Shulou(Shulou.com)06/01 Report--

How to carry out QEMU USB module cross-boundary read and write vulnerability CVE-2020-14364 notice, many novices are not very clear about this, in order to help you solve this problem, the following editor will explain in detail for you, people with this need can come to learn, I hope you can gain something.

Brief introduction of 0x01 vulnerability

On August 25th, 2020, 360CERT Monitoring found that qemu issued a risk notice for an out-of-bounds vulnerability in qemu memory, the vulnerability number is CVE-2020-14364, vulnerability level: high risk, vulnerability score: 8.2.
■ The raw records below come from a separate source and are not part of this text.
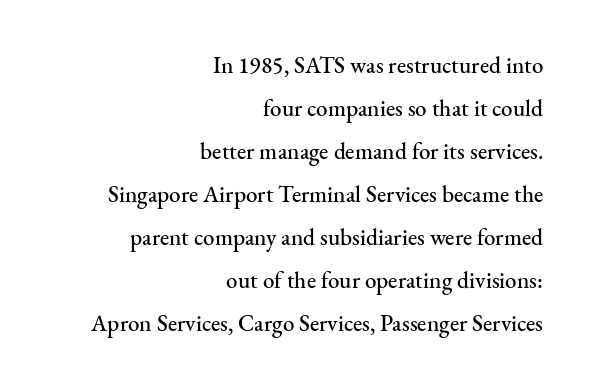
Q: Is the text italic (slanted)? A: No, it is upright.
Q: Is the text underlined? A: No.
Q: How is the paragraph aligned? A: Right-aligned.
Q: Is the spacing between letters normal or unusually wide? A: Normal.
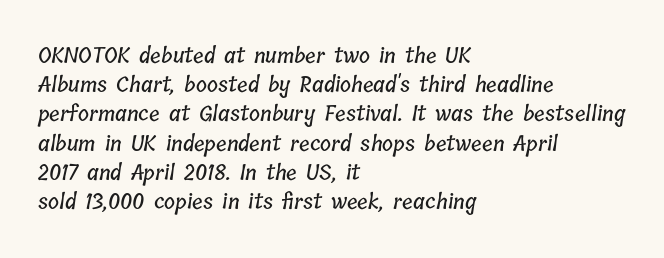
{"underline": "no", "align": "left", "line_spacing": "normal", "line_spacing_ratio": 1.39, "letter_spacing": "normal", "letter_spacing_em": 0.0, "glyph_px": 21}
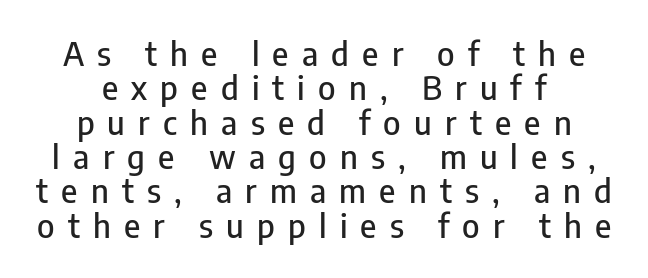
Q: Is the text italic (slanted)? A: No, it is upright.
Q: Is the typeface a serif or a sans-serif typeface? A: Sans-serif.
Q: Is the text underlined? A: No.
Q: How is the paragraph aligned? A: Centered.
Q: Is the spacing between letters normal or unusually wide? A: Unusually wide.
Q: Is the spacing between lines tight, normal or loose? A: Tight.
Q: Width (condensed, normal, or wide)? A: Condensed.
Q: Stroke contrast? A: Low.
Q: x-height? A: Medium.
Q: Monospaced? A: No.
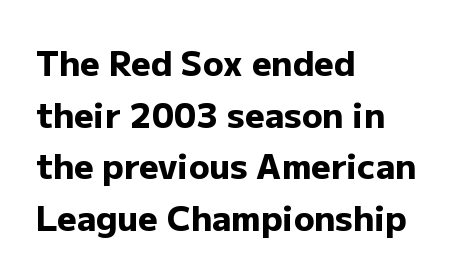
The image shows 34 px heavy sans-serif type, upright; set left-aligned, normal line spacing (1.52x), normal letter spacing, not underlined; low stroke contrast and a medium x-height.
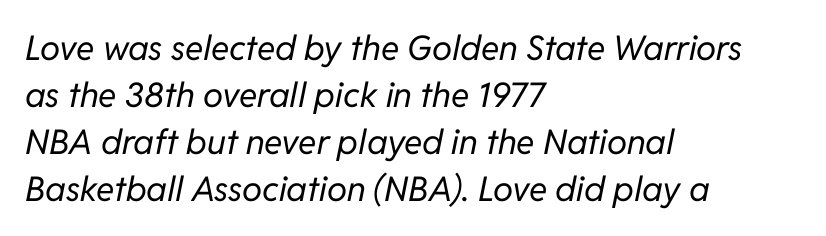
{"italic": "yes", "lean": "right", "slant_degrees": 11, "bold": "no", "weight": "regular", "width": "normal", "stroke_contrast": "low", "x_height": "medium", "monospaced": "no", "underline": "no", "align": "left", "line_spacing": "normal", "line_spacing_ratio": 1.38, "letter_spacing": "normal", "letter_spacing_em": 0.0, "glyph_px": 34}
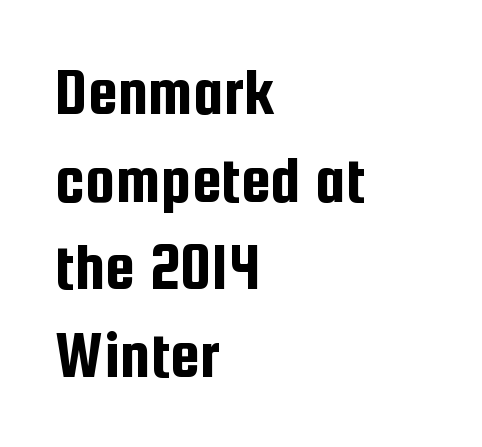
The image shows 68 px condensed sans-serif type, upright; set left-aligned, normal line spacing (1.29x), normal letter spacing, not underlined; low stroke contrast and a medium x-height.
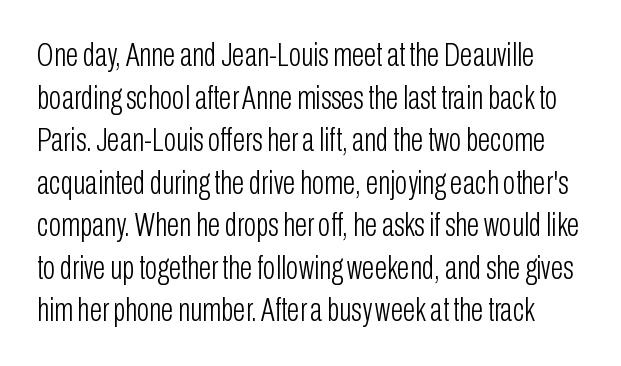
Q: Is the text bold? A: No.
Q: Is the text italic (slanted)? A: No, it is upright.
Q: Is the typeface a serif or a sans-serif typeface? A: Sans-serif.
Q: Is the text underlined? A: No.
Q: Is the spacing between letters normal or unusually wide? A: Normal.
Q: Is the spacing between lines tight, normal or loose? A: Normal.
Q: Width (condensed, normal, or wide)? A: Condensed.
Q: Stroke contrast? A: Low.
Q: x-height? A: Medium.
Q: Monospaced? A: No.
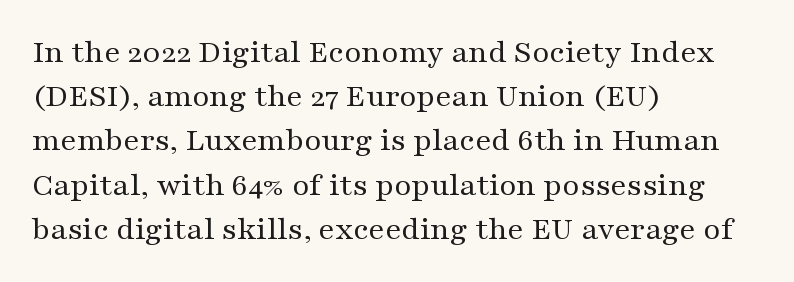
Layout note: lines flush left. Caption: face not bold, strokes unweighted. You could call the tracking neutral — neither tight nor loose. You could not count columns in this text — the font is proportionally spaced. Unlike italic type, these characters show no tilt at all. The space directly below the letters is spotless.
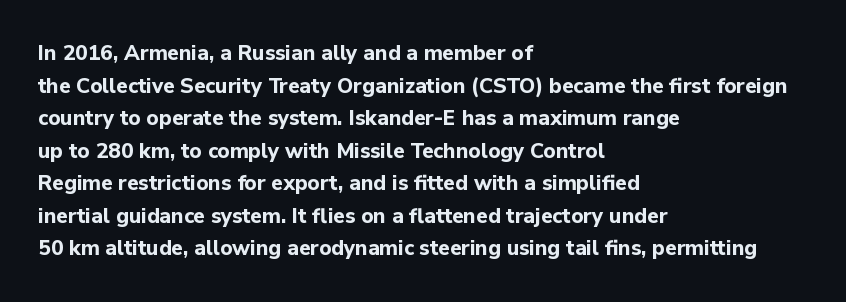
{"italic": "no", "bold": "yes", "underline": "no", "align": "left", "line_spacing": "normal", "line_spacing_ratio": 1.55, "letter_spacing": "normal", "letter_spacing_em": 0.0, "glyph_px": 21}
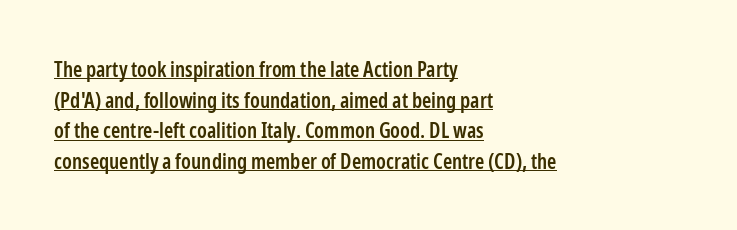
The image shows 21 px text type, upright; set left-aligned, normal line spacing (1.46x), normal letter spacing, underlined.
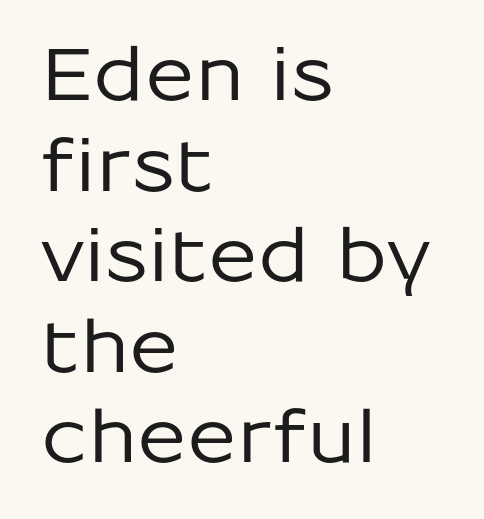
Default kerning and tracking; the words read as compact shapes. In terms of letterform style, serifs are entirely absent. Underlining? Definitely not there. Posture: upright roman.
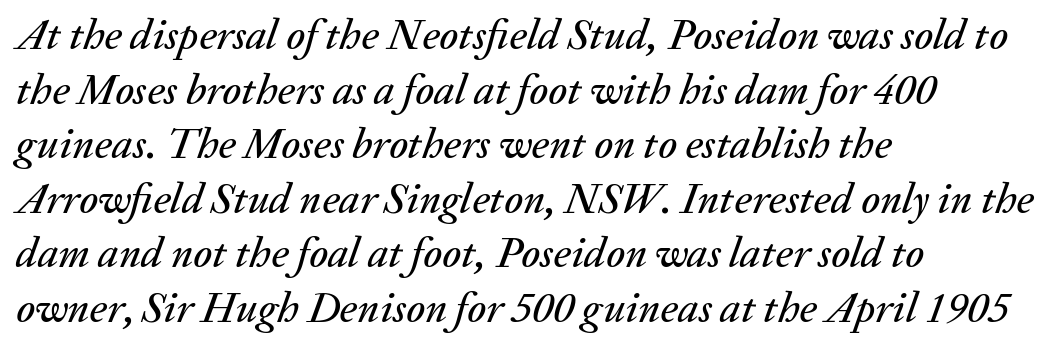
Q: Is the text italic (slanted)? A: Yes, it leans right by about 20 degrees.
Q: Is the text underlined? A: No.
Q: How is the paragraph aligned? A: Left-aligned.
Q: Is the spacing between letters normal or unusually wide? A: Normal.
Q: Is the spacing between lines tight, normal or loose? A: Normal.
Q: Width (condensed, normal, or wide)? A: Normal.
Q: Stroke contrast? A: Medium.
Q: x-height? A: Medium.
Q: Monospaced? A: No.

Qemu has released security patches

By constructing special in-memory data, an attacker can cause the virtual machine to escape and execute arbitrary code.

The vulnerability was disclosed by the 360VulcanTeam team at ISC2020's eighth Internet Security Conference on August 13, 2020.

In this regard, 360CERT recommends that the majority of users apply the latest repair scheme to qemu in time. At the same time, please do a good job of asset self-examination and prevention to avoid hacker attacks.

0x02 risk rating

360CERT's assessment of the vulnerability is as follows

Assessment methods, threat levels, high risk impact surfaces, extensive 360CERT scores, 8.20x03 vulnerability details CVE-2020-14364: memory out of bounds vulnerabilities

The vulnerability lies in the Qemu USB module, which can cause out-of-bounds reading and writing, which can lead to virtual machine escape.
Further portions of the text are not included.